Required work:
When you reach the line containing "share of the ground: 50 - 75 %" in the entries below, begin reproducing lines exactly, and stop once the line containing "longitude: 22.1262" is done.

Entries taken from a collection
^^^^^^^^

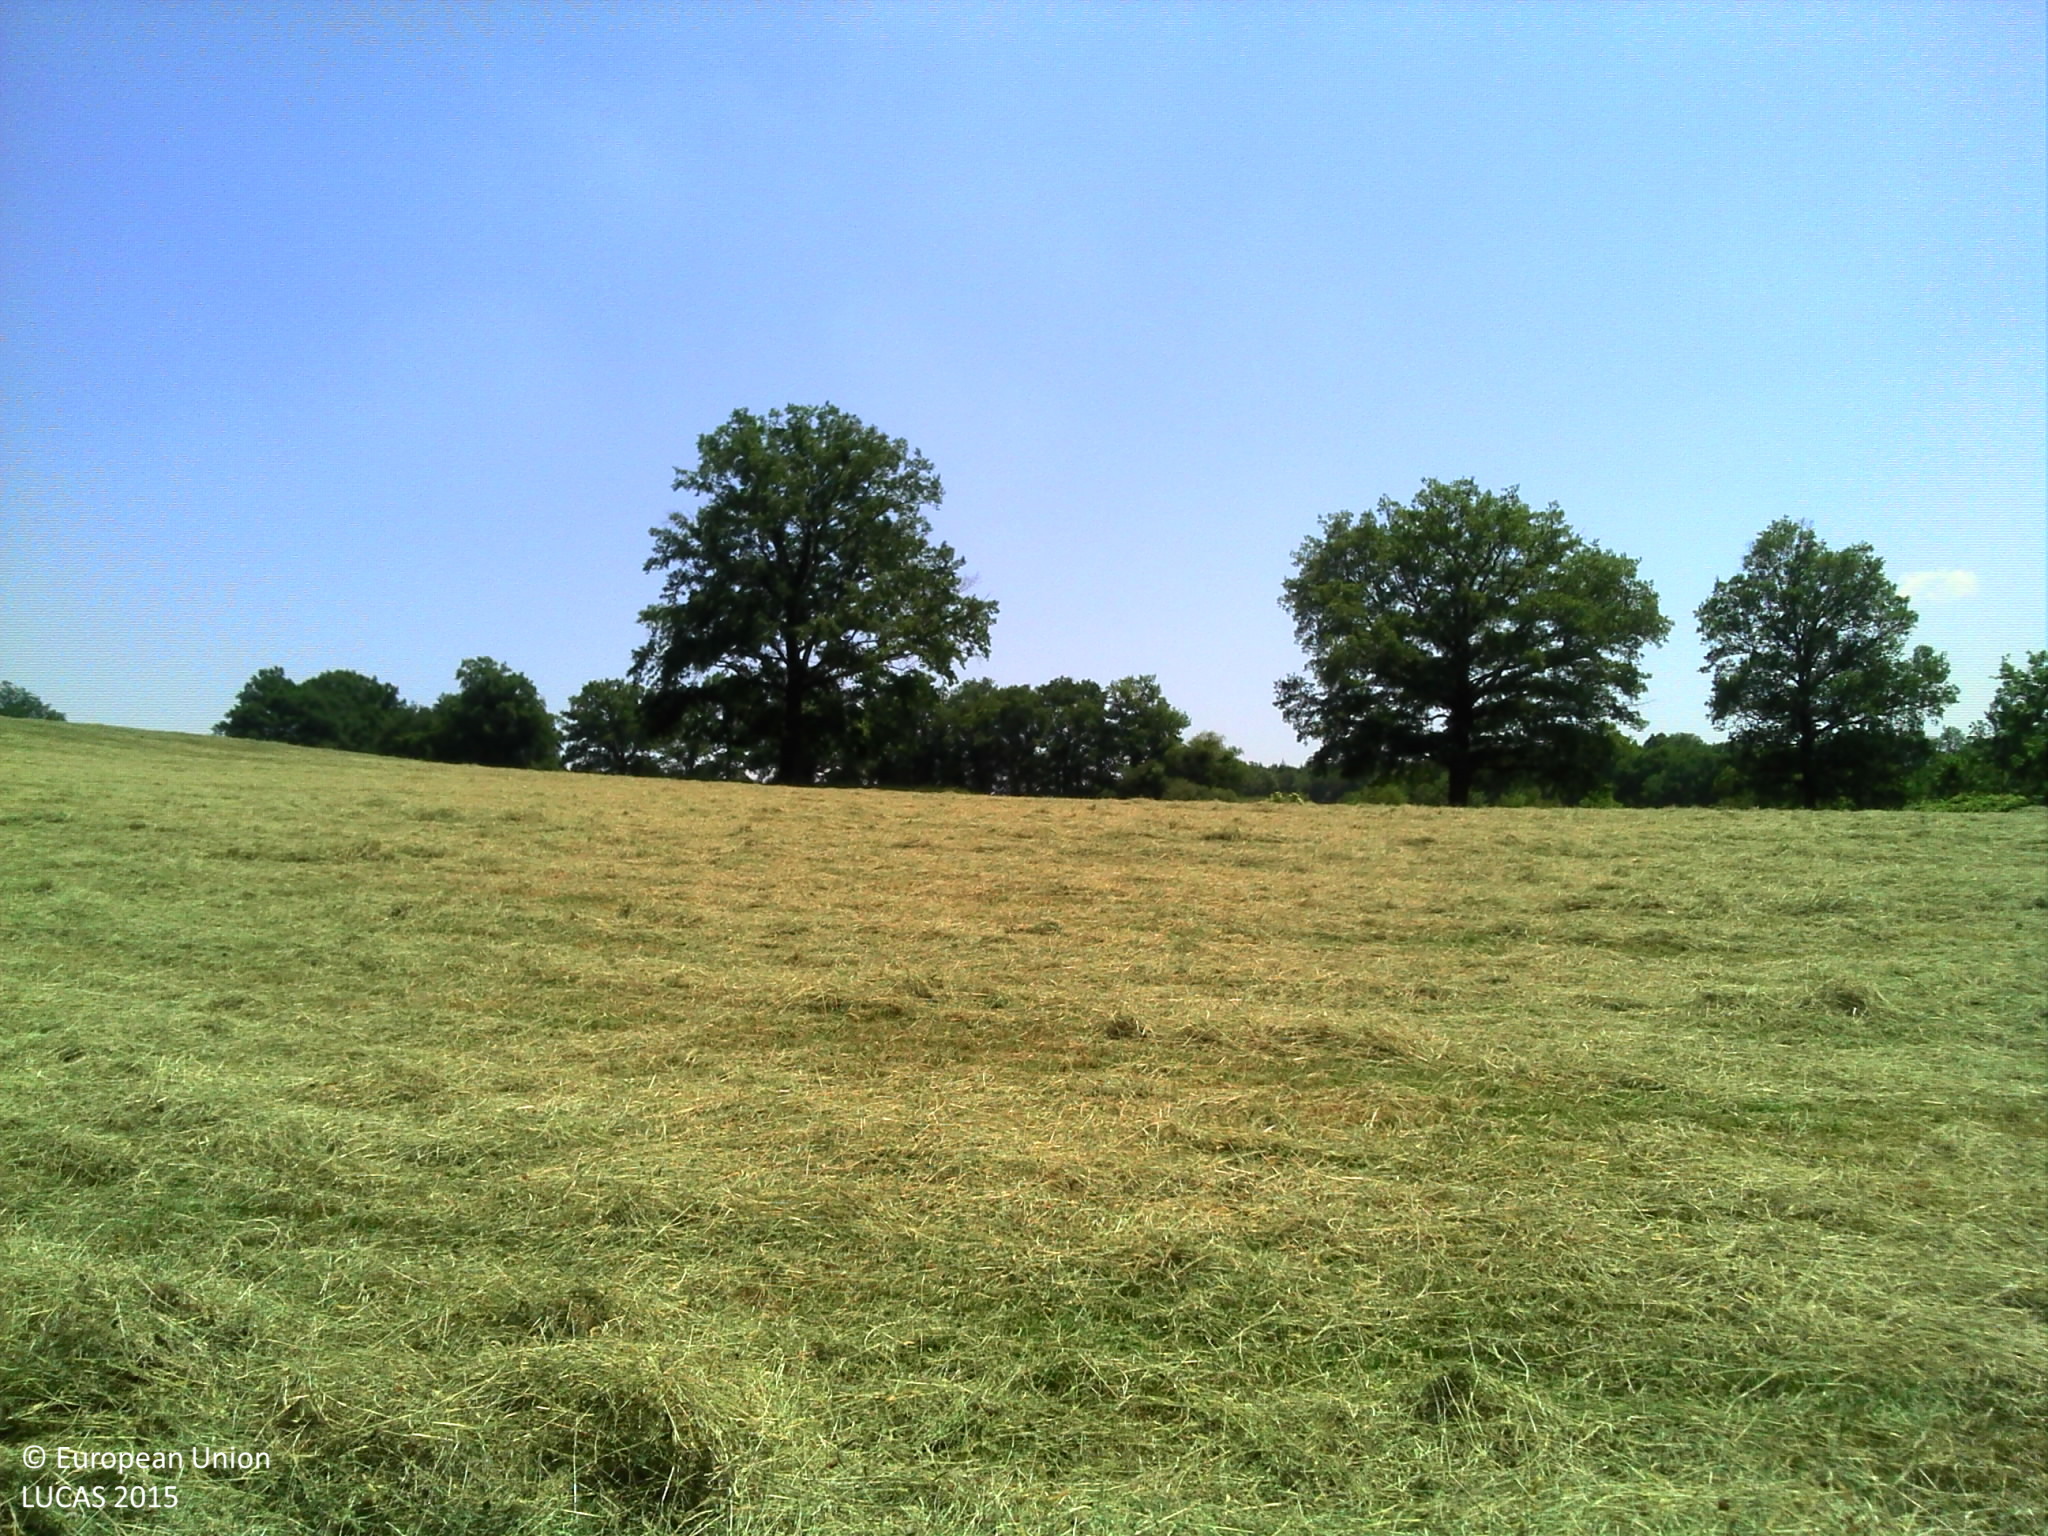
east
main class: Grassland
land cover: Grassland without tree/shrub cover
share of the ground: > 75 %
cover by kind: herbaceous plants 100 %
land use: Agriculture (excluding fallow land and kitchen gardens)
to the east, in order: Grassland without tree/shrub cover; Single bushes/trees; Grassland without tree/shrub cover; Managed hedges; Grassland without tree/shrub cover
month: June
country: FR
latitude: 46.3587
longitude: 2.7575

^^^^^^^^

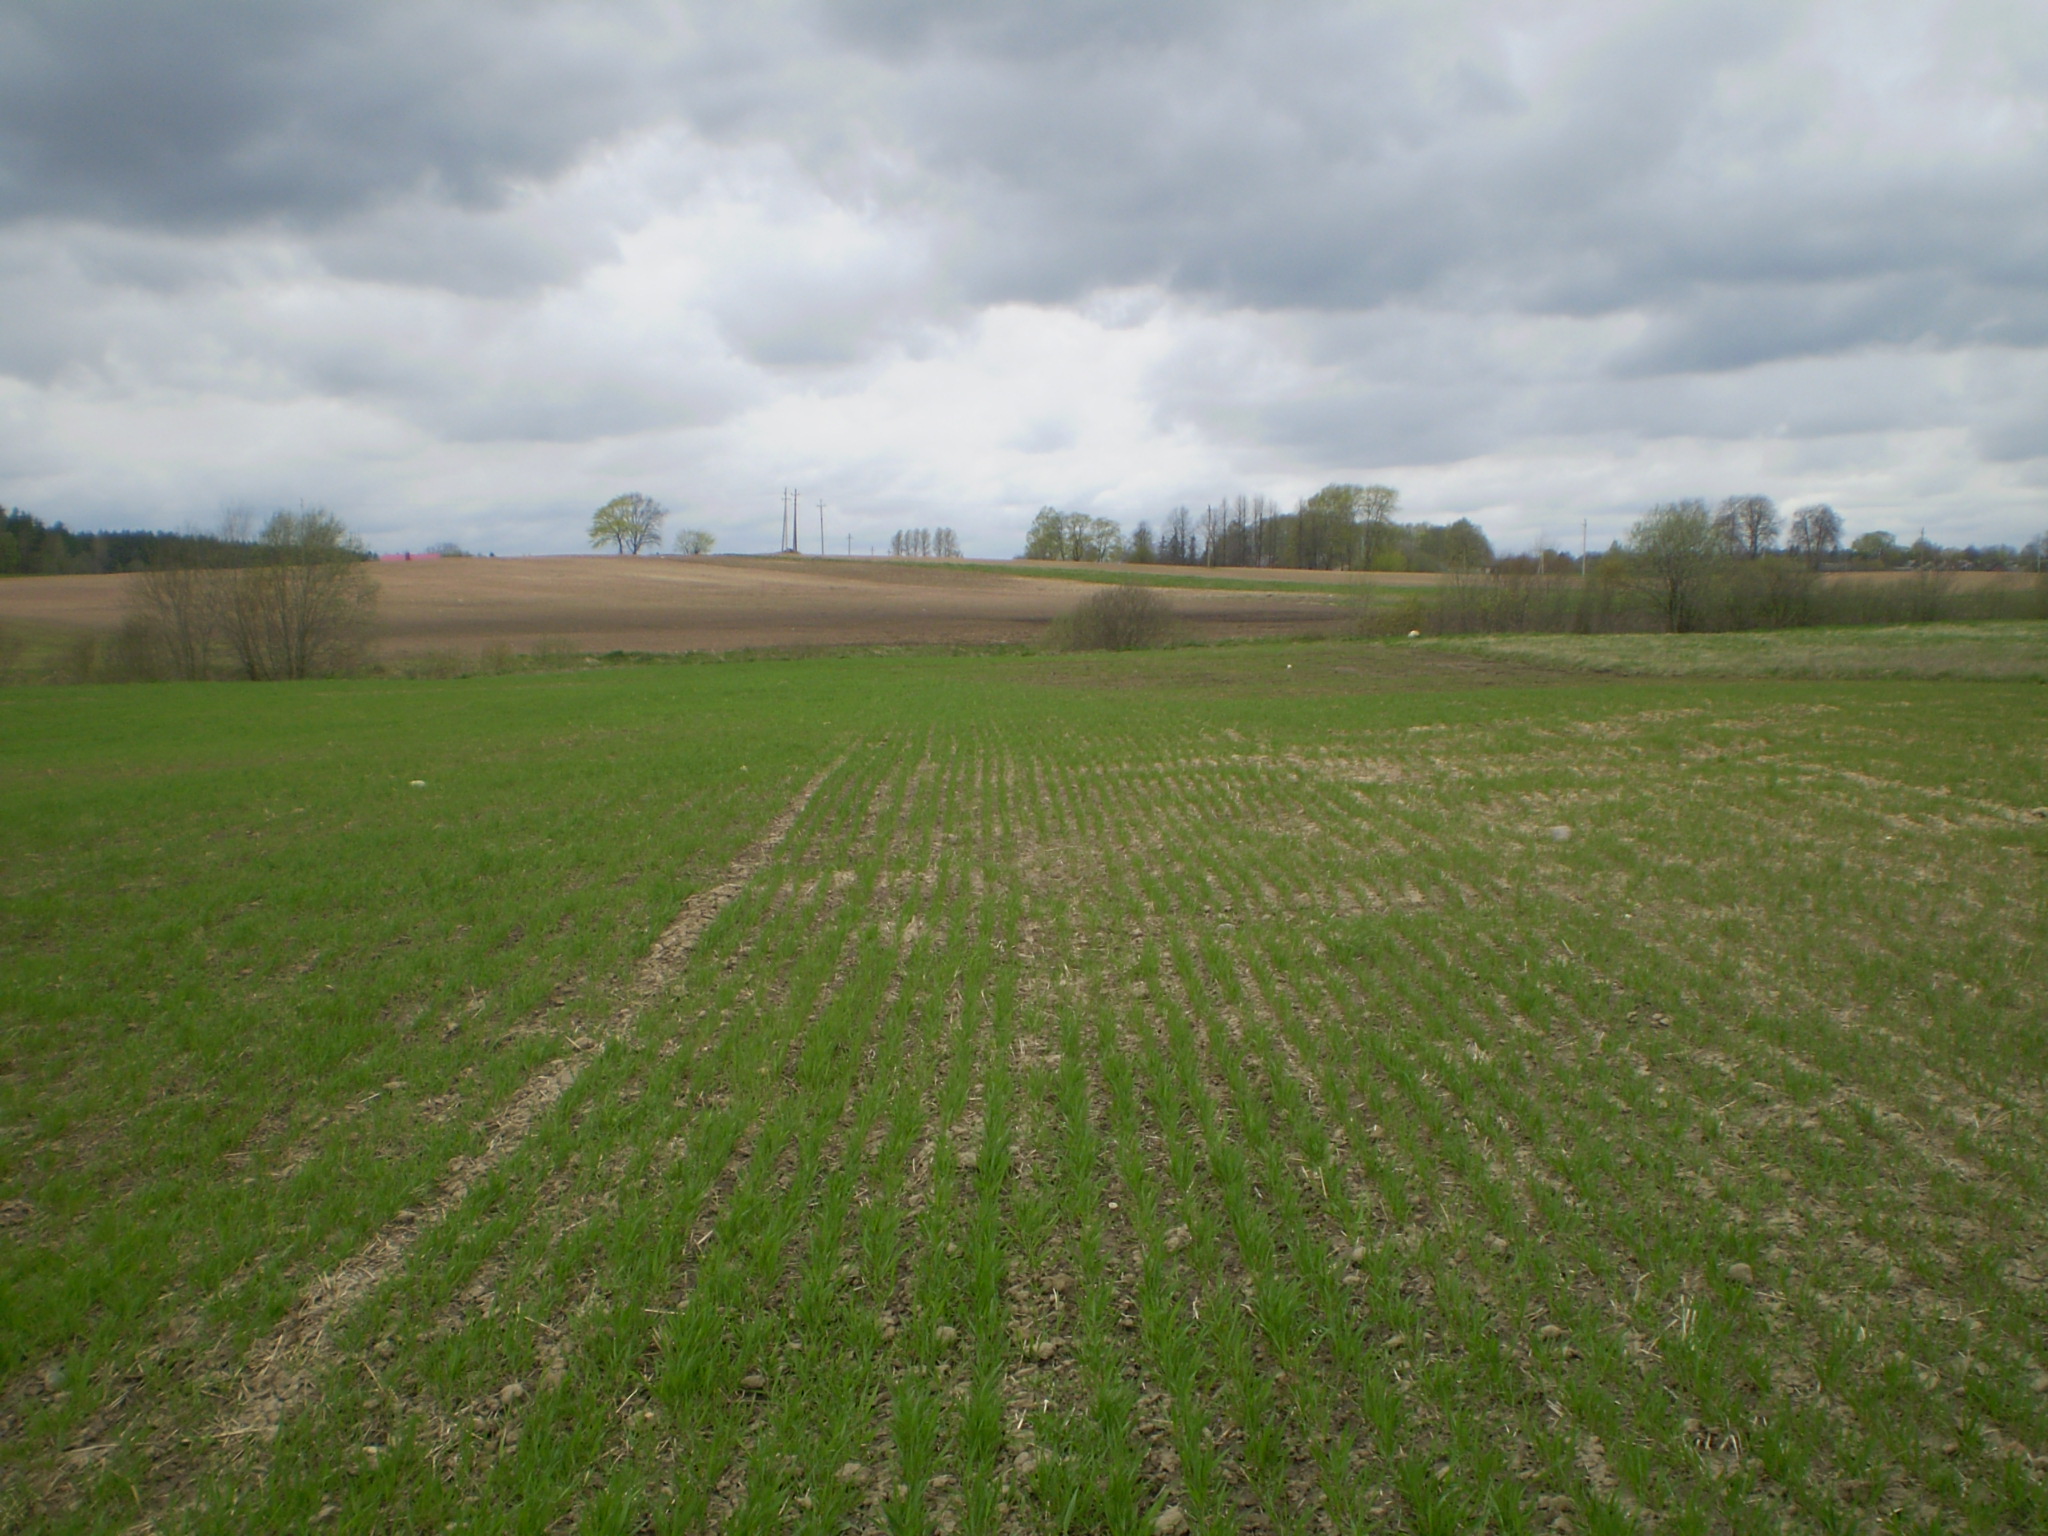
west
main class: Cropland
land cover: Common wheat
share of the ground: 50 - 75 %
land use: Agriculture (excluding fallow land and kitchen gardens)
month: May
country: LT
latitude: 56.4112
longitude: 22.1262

^^^^^^^^

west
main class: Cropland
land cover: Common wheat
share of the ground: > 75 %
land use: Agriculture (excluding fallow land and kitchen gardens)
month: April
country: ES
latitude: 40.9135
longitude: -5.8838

^^^^^^^^

Expected answer:
share of the ground: 50 - 75 %
land use: Agriculture (excluding fallow land and kitchen gardens)
month: May
country: LT
latitude: 56.4112
longitude: 22.1262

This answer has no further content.